Cytokine levels in culture supernatants were measured by sandwich ELISA. Antibodies directed against mouse TNF-α and IL-17 and biotinylated anti-mouse TNF-α and IL-17 (R&D Systems) were used as the capture and detection antibodies, respectively. The concentration of cytokines present in the test samples was determined from standard curves established with serial dilutions of recombinant TNF-α and IL-17 (R&D Systems). The absorbance was measured using an ELISA microplate reader at 405 nm (Molecular Devices, Sunnyvale, CA, USA).

Immunohistochemistry

Immunohistochemistry was performed using a Vectastain® ABC Kit (Vector Laboratories). Tissues were first incubated with primary anti-RIPK1, anti-RIPK3, or anti-MLKL antibodies overnight at 4 °C. The primary antibody was detected with a biotinylated secondary antibody, the samples were incubated with streptavidin–peroxidase complex for 1 h, and 3,3′-diaminobenzidine chromogen was added to obtain a coloured product (Dako).

Western blot analysis

Total proteins were extracted with lysis buffer containing 1% Nonidet P-40, phenylmethylsulfonyl fluoride, 2 mM sodium vanadate, 0.1% sodium deoxycholate, and a protease inhibitor mixture (Roche Applied Science, Mannheim, Germany). Proteins were loaded onto 10% polyacrylamide gels and subjected to sodium dodecyl sulfate-polyacrylamide gel electrophoresis, and the bands were transferred to nitrocellulose membranes (Invitrogen Life Technologies, Carlsbad, CA, USA). Membranes were blocked with 5% (w/v) non-fat milk in Tris-buffered saline with 0.1% Tween-20 for 1 hour at room temperature and incubated with antibodies to p-STAT3 Y705, t-STAT3, p-MLKL, t-MLKL (Cell Signaling Technologies), cFLIPL, and β-actin (Santa Cruz Biotechnology), or FLAG (Sigma-Aldrich) overnight at 4 °C. The membranes were then incubated with goat anti-mouse or goat anti-rabbit horseradish peroxidase-conjugated antibodies. Immunoreactivity was determined using enhanced chemiluminescence reagents (Amersham Biosciences, Piscataway, NJ, USA). ImageJ software was used for densitometric quantification of the immunoblots.

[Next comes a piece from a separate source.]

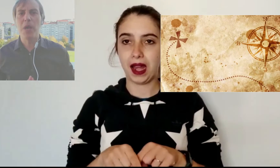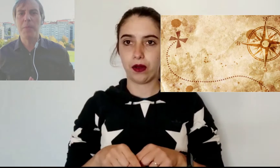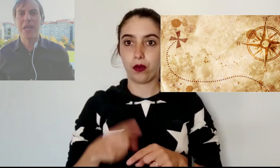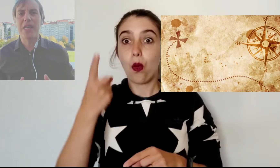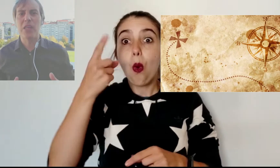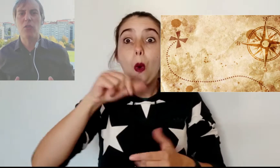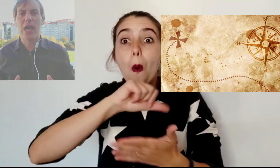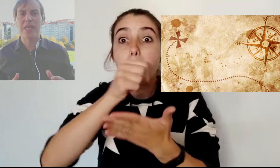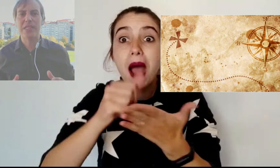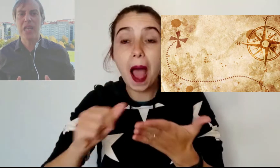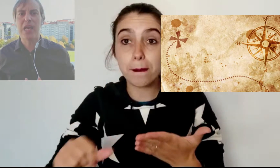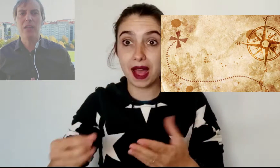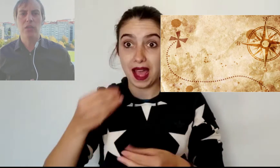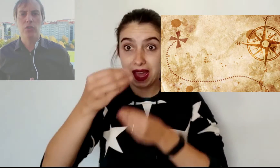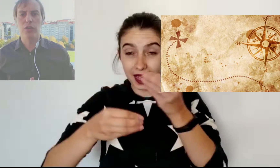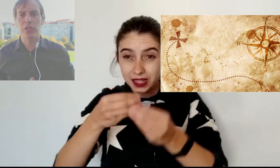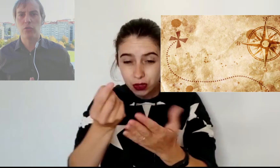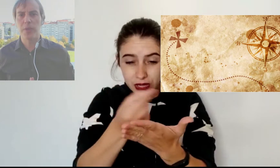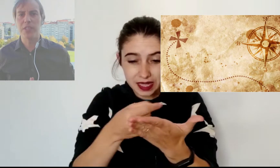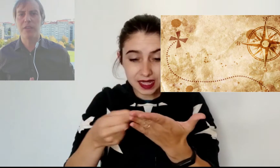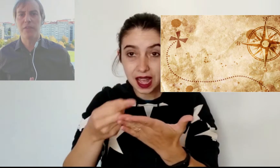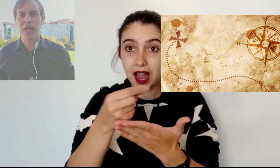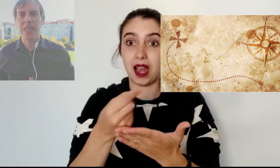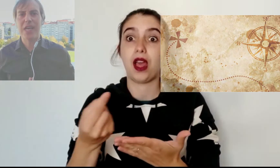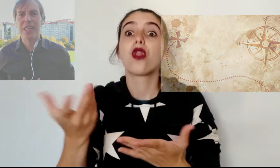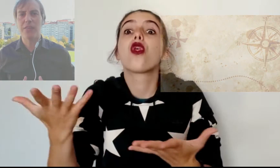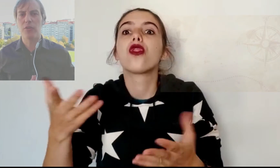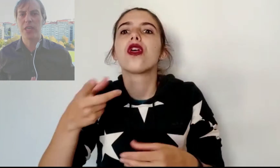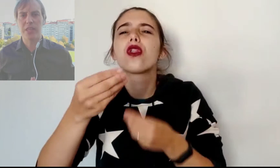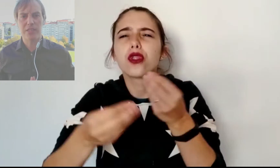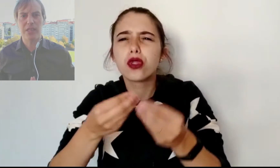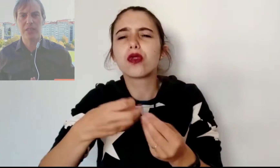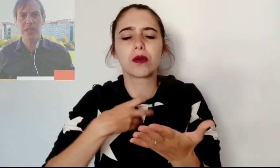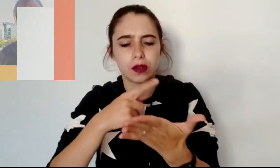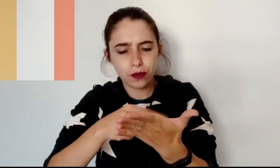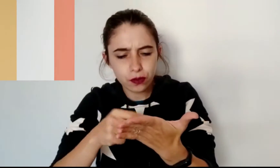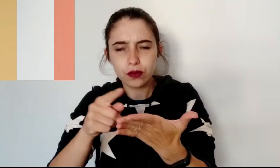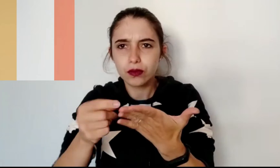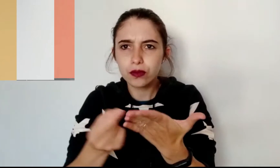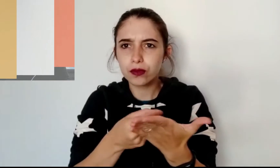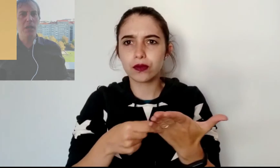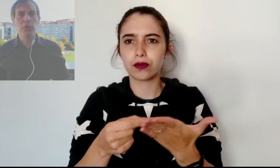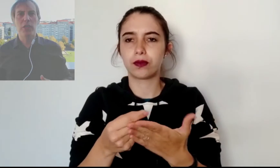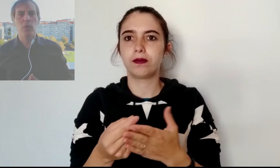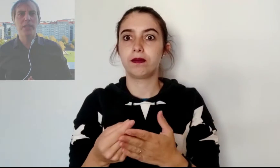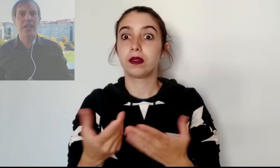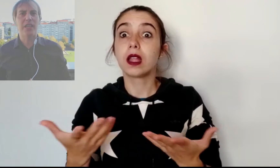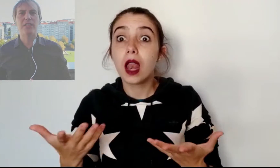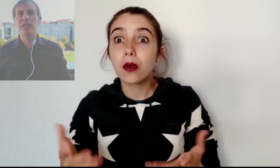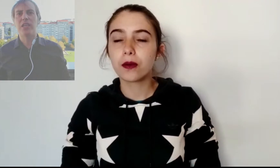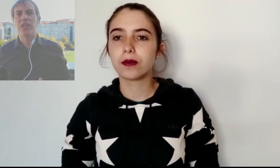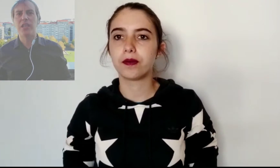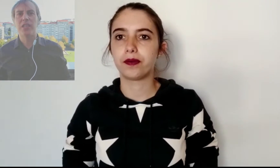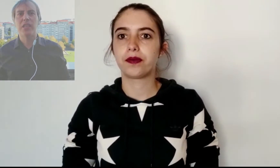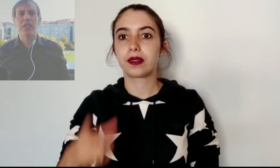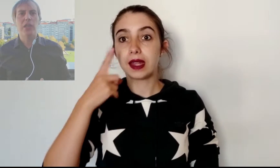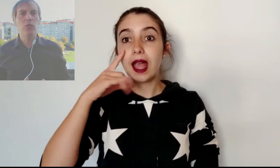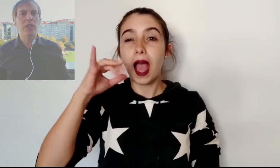mapa creado a escala donde estuviese reflejada cada zona de ese desierto. Tengamos en cuenta que existen líneas que unen
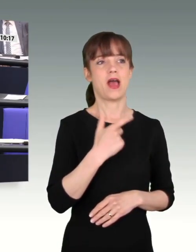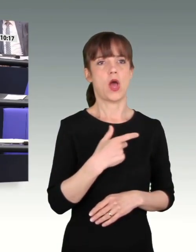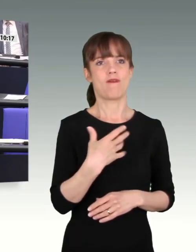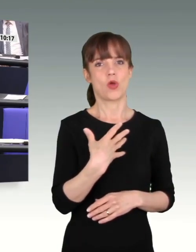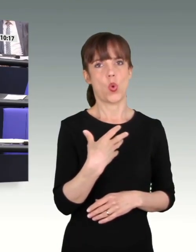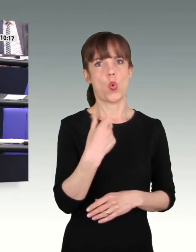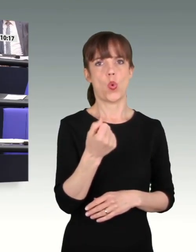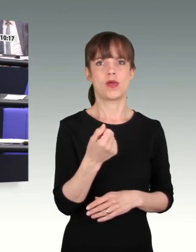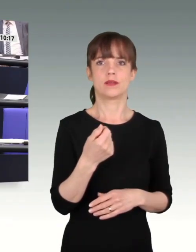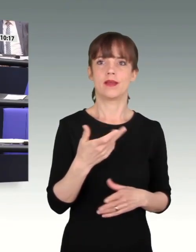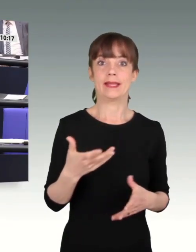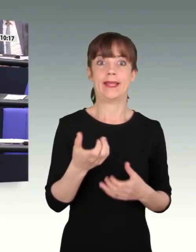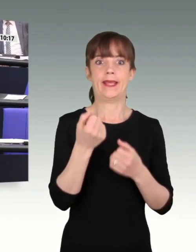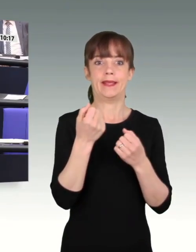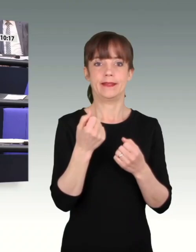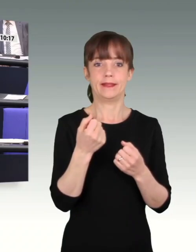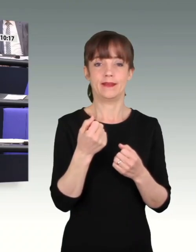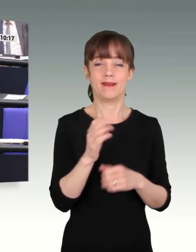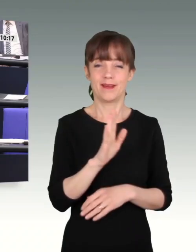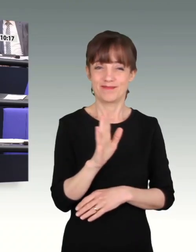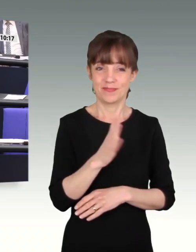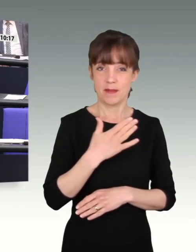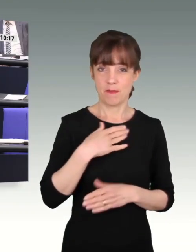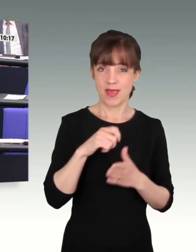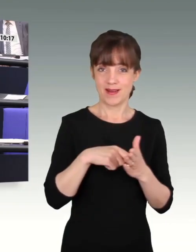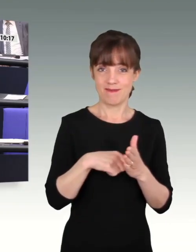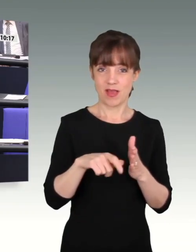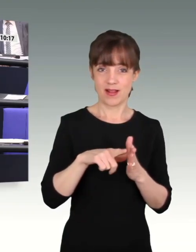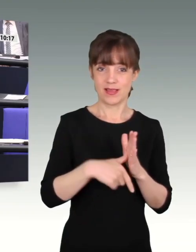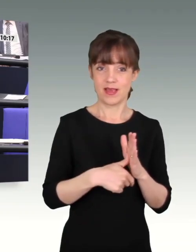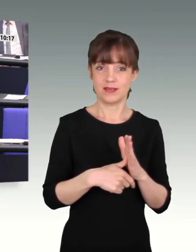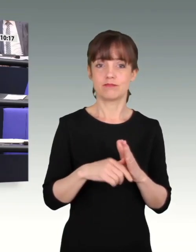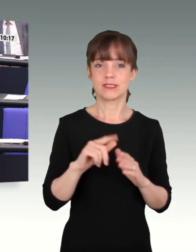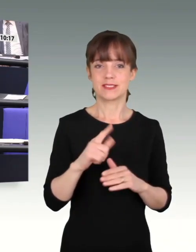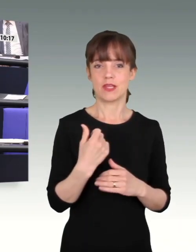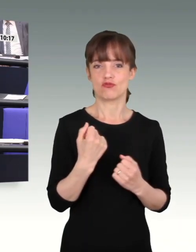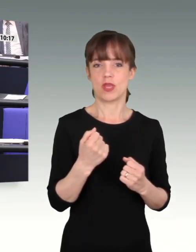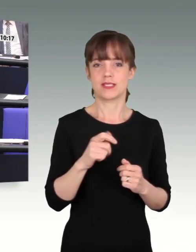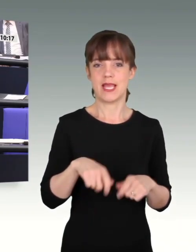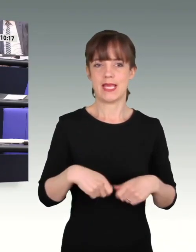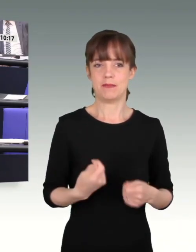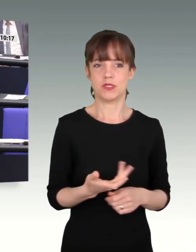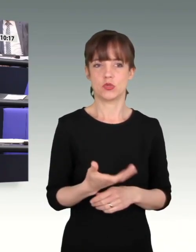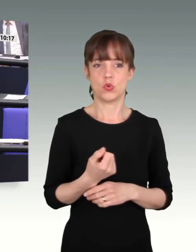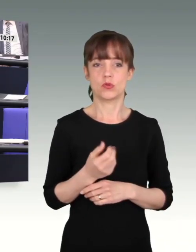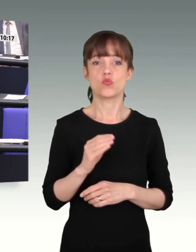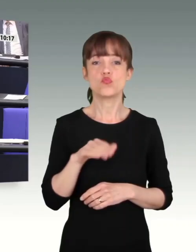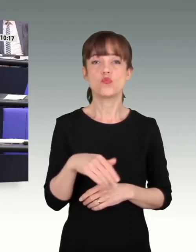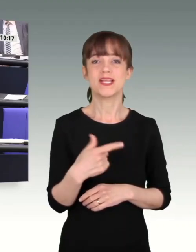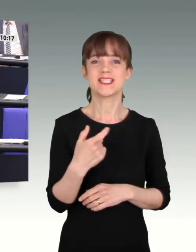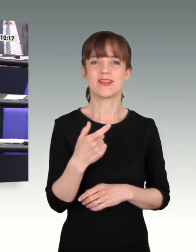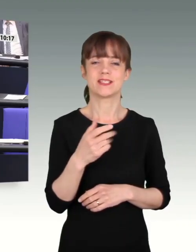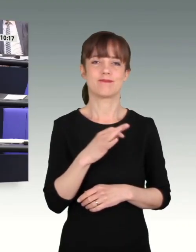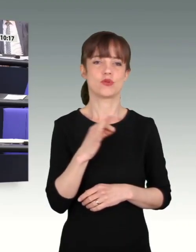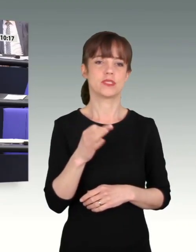meinem Wahlkreis habe ich das zweitstärkste Ergebnis geholt mit über 20 Prozent der Direktmandatsstimmen. Ihr Kandidat, Herr Kellner, landete bei drei Prozent. Die

The value of each band was normalized to that of t-MLKL or t-STAT3.

Statistical analysis

The data were analysed using the nonparametric Mann–Whitney U test to compare two groups or one-way analysis of variance with Bonferroni’s post hoc test for multiple comparisons. GraphPad Prism® (ver. 5.01) was used for all analyses. A value of P < 0.05 was considered to indicate significance. Data are expressed as mean ± standard deviation (SD).